Swarm intelligence optimization algorithms can continuously approach the optimal parameters through the cooperation and competition among individuals in the group, so as to achieve the optimal performance of the model [30]. [31] combined particle swarm optimization (PSO), genetic algorithm (GA) and differential (DE) evolution with ANFIS respectively, and established ANFIS-PSO model, ANFIS-GA model, ANFIS-DE model and standalone ANFIS model to predict monthly solar radiation using the metrological data of the Malaysian Metrological Department. The results showed that the prediction accuracy of the hybrid ANFIS model is higher than that of the standalone ANFIS model, and the ANFIS-PSO model gained the best results among other models in testing and training phases. [32] used slime mould algorithm (SMA), which is improved by using the particle swarm optimizer (PSO) to optimize the parameters of ANFIS model, and then predicted CO2, PM2.5, SO2 and NO2 in Wuhan, China. They compared the proposed PSOSMA to other MH algorithms. The results showed that the improved ANFIS using PSOSMA algorithm has better performance.

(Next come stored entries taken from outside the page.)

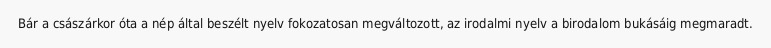
Bár a császárkor óta a nép által beszélt nyelv fokozatosan megváltozott, az irodalmi nyelv a birodalom bukásáig megmaradt.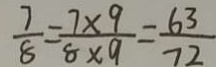
\frac { 7 } { 8 } = \frac { 7 \times 9 } { 8 \times 9 } = \frac { 6 3 } { 7 2 }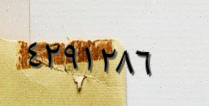
٤٢٩١٢٨٦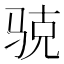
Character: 𲌆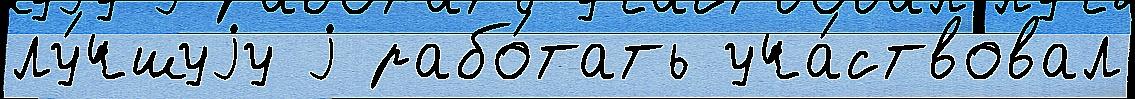
лу́чшуjу j рабо́тать уча́ствовал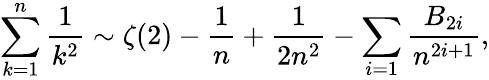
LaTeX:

Data preprocessing is an effective method to sort out the complex data relationships in the original data and make it more stationary [33], and it is gradually becoming an increasingly critical technique to improve the prediction performance of hybrid models [34]. For example, [35] used two hybrid models based on empirical mode decomposition (EMD), EMD-SVR-Hybrid and EMD-IMFs-Hybrid, to predict the AQI of Xing Tai, China. The AQI forecasting results showed that the two proposed hybrid models are superior to ARIMA, SVR, GRNN, EMD-GRNN, Wavelet-GRNN and Wavelet-SVR. [36] established an EMD-GRU model to predict the PM2.5 series of Beijing airport. The case prediction results showed that compared with the single GRU model, EMD-GRU model has higher prediction accuracy. [37] used the wavelet packet decomposition (WPD) algorithm to decompose raw PM2.5 data. The decomposition method effectively increased the stability of the prediction model. [38] applied wavelet decomposition (WD), sample entropy (SE), and variational modal decomposition (VMD) to preprocess AQI series. Through secondary decomposition, the nonlinearity of the original series was significantly reduced and the analytical ability of LSTM is improved.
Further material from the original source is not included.